Un single comme rituel culinaire
Sur la plateforme vidéo YouTube, le compteur affiche déjà plusieurs milliers de vues : « Gastronomie africaine », premier extrait du prochain album de Black Panther, installe d’emblée une atmosphère de grande table. Pendant six minutes, l’artiste met en scène le bruit d’un pilon, les crépitements de l’huile, un chœur d’enfants et des vers scandés comme l’égrènement patient d’un manioc. Le choix d’un tel métissage sonore n’est pas fortuit. « La cuisine est la première langue que l’on apprend avant même de parler », confie le poète, rappelant que la transmission culinaire précède souvent l’instruction scolaire dans bien des foyers du continent.
Poésie sonore et diplomatie des saveurs
Le morceau se situe à la croisée de plusieurs influences, du slam francophone à la rumba congolaise, en passant par des intonations mandingues. Black Panther y revendique une diplomatie douce : « Nous parlons encore toutes les langues de nos mères chaque fois que la marmite chante », déclame-t-il. Loin d’un simple inventaire folklorique, le texte interroge les notions de mémoire partagée et de dignité culturelle. De la feuille de manioc au piment oiseau, chaque ingrédient devient la métaphore d’un épisode historique, suggérant que l’assiette raconte autant que les archives.
La scène congolaise entre héritage et innovation
Dans un paysage musical brazzavillois marqué ces dernières années par l’afropop et la trap, l’irruption d’un slam culinaire surprend et séduit. Le producteur Éric Ngolo voit dans cette démarche « une extension naturelle de la rumba, qui a toujours sublimé le vécu quotidien ». En revisitant les sonorités traditionnelles sans céder à la nostalgie, Black Panther rejoint une génération d’artistes – de Yekima de Bel Art à Fanie Fayar – décidés à conjuguer patrimoine et modernité sans hiérarchie entre les formes.
Capsules numériques, un avant-goût stratégique
Avant la sortie officielle du clip, l’artiste a dévoilé des capsules vidéo présentant des figures féminines en pleine préparation culinaire.
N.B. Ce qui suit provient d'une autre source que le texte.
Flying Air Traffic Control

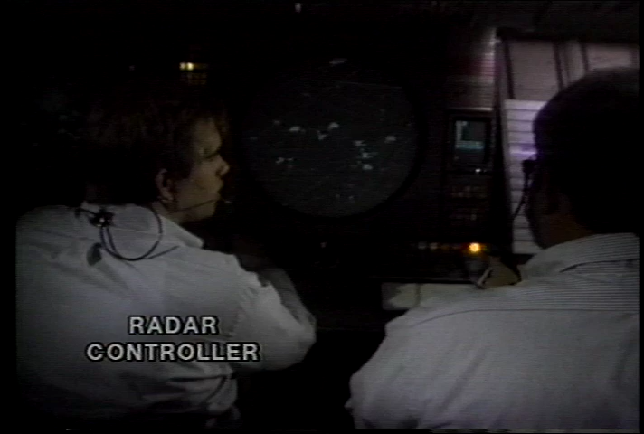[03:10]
A radar controller, who directs the movement of the aircraft within the sector.
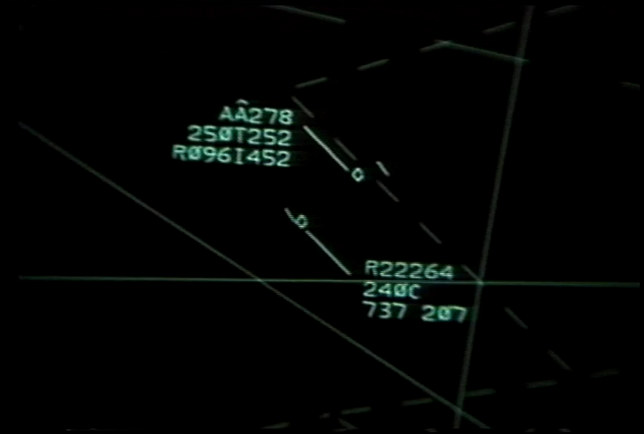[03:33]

Ce teasing, diffusé sur TikTok et Instagram, répond à une logique participative : les internautes étaient invités à partager leurs propres recettes sous le mot-dièse #MaMarmiteMonHistoire. Résultat : des centaines de courts métrages, souvent tournés dans des cuisines modestes, ont circulé d’Abidjan à Pointe-Noire. Pour la sociologue des médias Chloé Montout, cette stratégie « transforme la promotion en un espace de co-création où l’audience devient gardienne de la mémoire culinaire ».
Vers un art total, entre images et mémoire
Filmé dans la lumière chaude d’un marché de Poto-Poto puis dans la pénombre intime d’une cuisine familiale, le clip scénarise le trajet de l’igname depuis le sol rouge jusqu’à l’assiette partagée. La réalisation, signée Joël Mbani, joue sur les gros plans et les silences pour magnifier les gestes ordinaires : laver, couper, goûter. Black Panther y apparaît parfois comme chef d’orchestre, parfois comme simple convive. Le message est clair : l’artiste veut effacer la frontière entre scène et salle, entre artiste et public. « Je rêve d’œuvres qui nourrissent autant qu’elles divertissent », glisse-t-il à l’équipe des Dépêches de Brazzaville.
Une réception symbolique pour la jeunesse
Depuis la publication du single le 25 juillet, les réactions affluent. Les auditeurs saluent un « cri d’amour » capable de faire dialoguer les générations, tandis que certains enseignants envisagent déjà d’utiliser le morceau en cours d’histoire. L’enthousiasme dépasse les frontières : des commentaires en lingala, en wolof et même en créole haïtien témoignent de ce désir partagé de renouer avec des racines culinaires souvent marginalisées. À l’heure où la diplomatie culturelle du Congo-Brazzaville mise sur la valorisation des industries créatives, la proposition de Black Panther résonne comme une illustration parfaite d’un soft power ancré dans le quotidien.